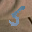
Label: 5
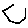
Label: hexagon
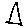
Label: triangle
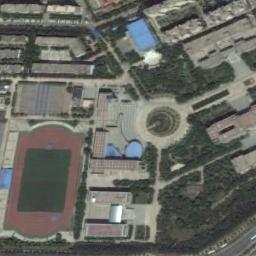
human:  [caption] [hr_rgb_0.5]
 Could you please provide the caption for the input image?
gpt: The ground track field is surrounded by some buildings arranged neatly and a square is next to the ground track field .

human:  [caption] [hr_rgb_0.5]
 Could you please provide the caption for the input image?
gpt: There are many buildings next to the ground track field .

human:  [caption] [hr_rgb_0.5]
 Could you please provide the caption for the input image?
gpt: A track and field is built in the middle of a residential area, Surrounded by a lot of vegetation .

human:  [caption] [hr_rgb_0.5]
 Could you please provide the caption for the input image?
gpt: Part of the track is not covered with green .

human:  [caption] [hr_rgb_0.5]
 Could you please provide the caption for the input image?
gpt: There are many buildings around the ground track field with a red track .
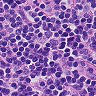
Metastatic tissue present: no
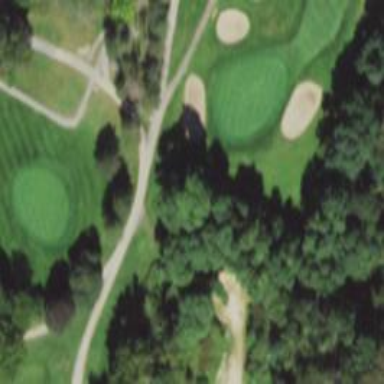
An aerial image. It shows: Path for golf carts.
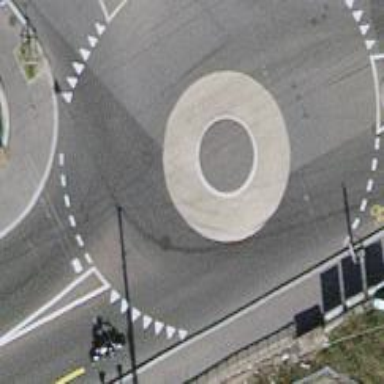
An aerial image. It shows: Mini roundabout on the road.
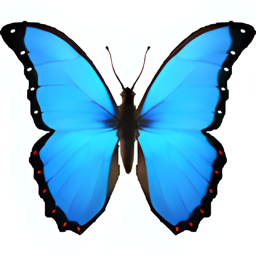
Name: butterfly
Emoji: 🦋
Group: Animals & Nature
Sub-group: animal-bug
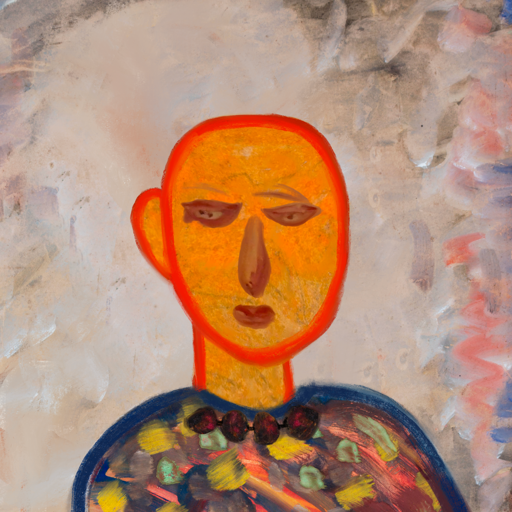
Background: Roy_Bahadur, Head And Neck Front: Sisters, Face Front: Pious_Lady, Bust: Mother_And_Son_Mother, Hair Front: Blank, Head Accessory: Blank, Second Necklace: Blank, Necklace: Mosgoul, Baby: Blank
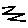
Label: zigzag
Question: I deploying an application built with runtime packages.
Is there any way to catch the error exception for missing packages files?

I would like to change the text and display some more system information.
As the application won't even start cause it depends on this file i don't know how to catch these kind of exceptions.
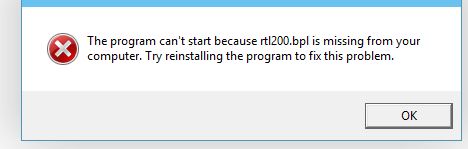
Answer: There is nothing you could catch, as your program will not start running without the BPL file present. When you enable the option to 'Link with Runtime Packages', you have to ensure that all needed BPL files are available for your program. Usually you would place them in the same folder as your program, or place them in a shared folder that is included in the environment 'PATH' if you want to distribute additional programs that use the same BPL files.
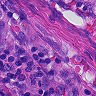
Metastatic tissue present: yes
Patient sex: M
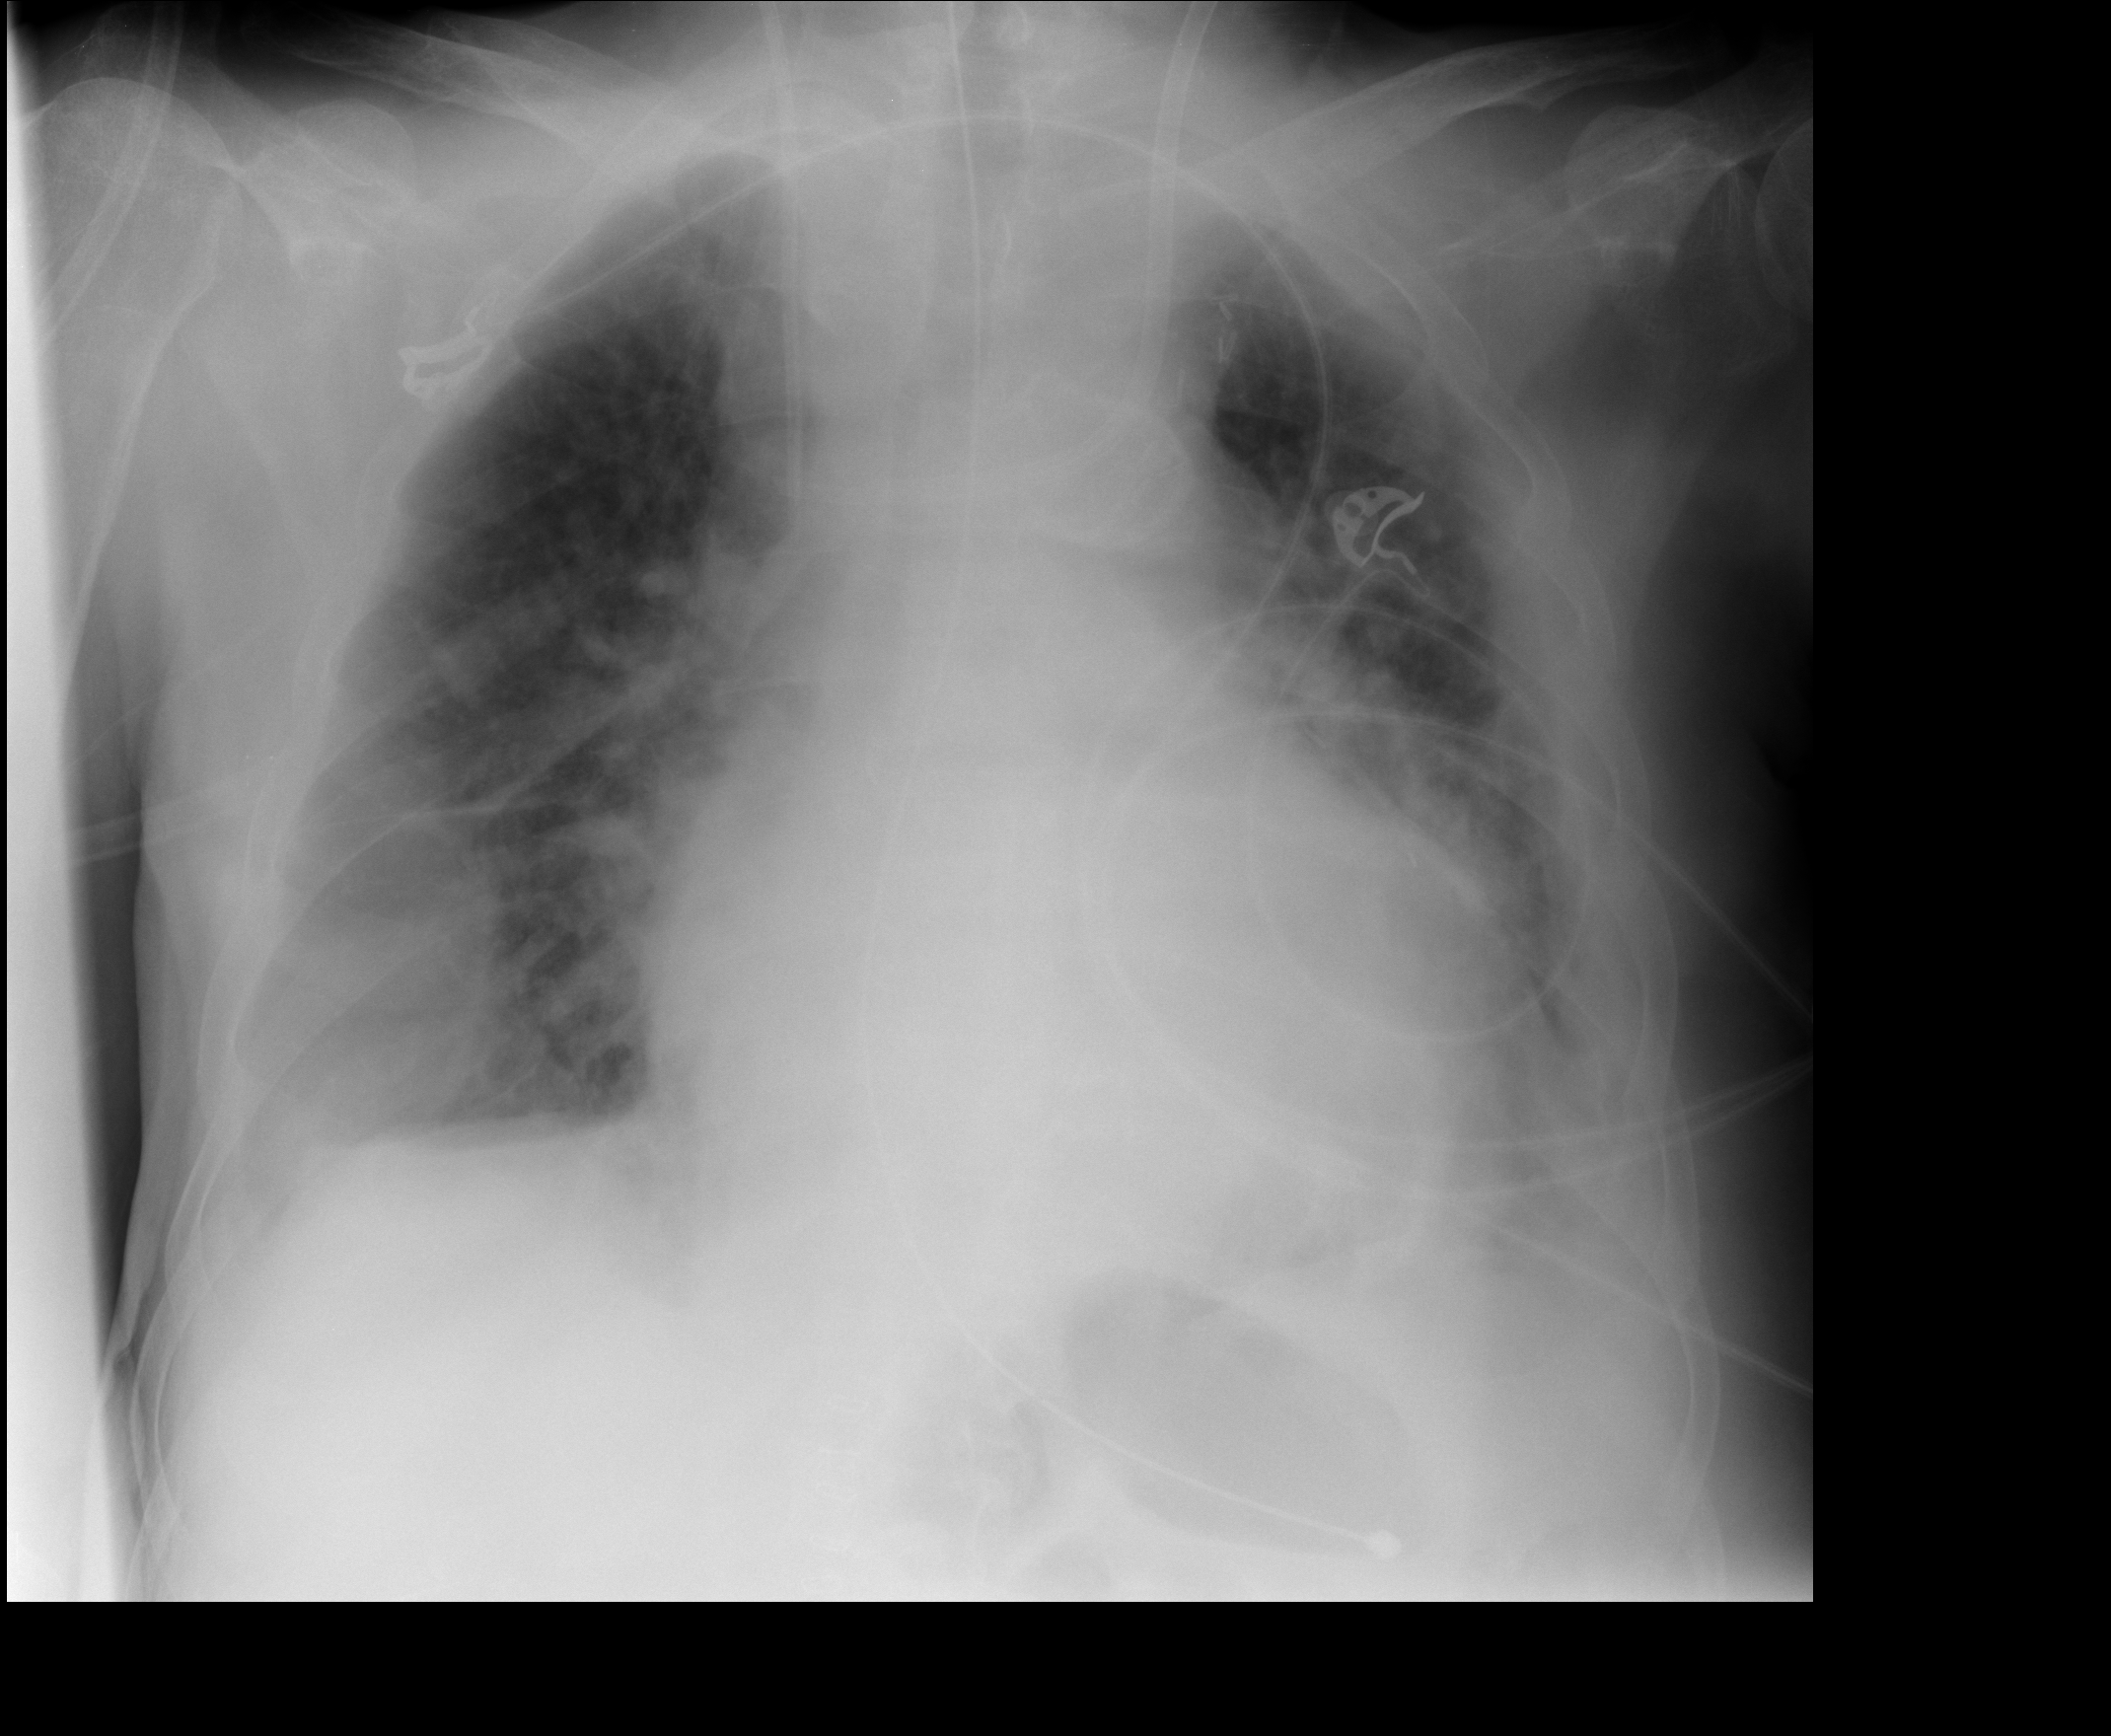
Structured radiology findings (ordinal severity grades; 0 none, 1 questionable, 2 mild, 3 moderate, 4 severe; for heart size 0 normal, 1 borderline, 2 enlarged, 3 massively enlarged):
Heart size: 2
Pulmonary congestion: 2
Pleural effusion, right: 2
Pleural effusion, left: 2
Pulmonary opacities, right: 0
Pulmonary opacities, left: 0
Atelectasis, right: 2
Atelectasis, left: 2

==================================================

Task: Extract, word for word, every line from the one containing "gpt: There are many buildings around" to the end of the data above, both ends included, and leave out the pictures.

Response area:
gpt: There are many buildings around the ground track field with a red track .
Metastatic tissue present: no
An aerial image. It shows: Path for golf carts.
An aerial image. It shows: Mini roundabout on the road.
Name: butterfly
Emoji: 🦋
Group: Animals & Nature
Sub-group: animal-bug
Background: Roy_Bahadur, Head And Neck Front: Sisters, Face Front: Pious_Lady, Bust: Mother_And_Son_Mother, Hair Front: Blank, Head Accessory: Blank, Second Necklace: Blank, Necklace: Mosgoul, Baby: Blank
Label: zigzag
Question: I deploying an application built with runtime packages.
Is there any way to catch the error exception for missing packages files?

I would like to change the text and display some more system information.
As the application won't even start cause it depends on this file i don't know how to catch these kind of exceptions.
Answer: There is nothing you could catch, as your program will not start running without the BPL file present. When you enable the option to 'Link with Runtime Packages', you have to ensure that all needed BPL files are available for your program. Usually you would place them in the same folder as your program, or place them in a shared folder that is included in the environment 'PATH' if you want to distribute additional programs that use the same BPL files.
Metastatic tissue present: yes
Patient sex: M
Structured radiology findings (ordinal severity grades; 0 none, 1 questionable, 2 mild, 3 moderate, 4 severe; for heart size 0 normal, 1 borderline, 2 enlarged, 3 massively enlarged):
Heart size: 2
Pulmonary congestion: 2
Pleural effusion, right: 2
Pleural effusion, left: 2
Pulmonary opacities, right: 0
Pulmonary opacities, left: 0
Atelectasis, right: 2
Atelectasis, left: 2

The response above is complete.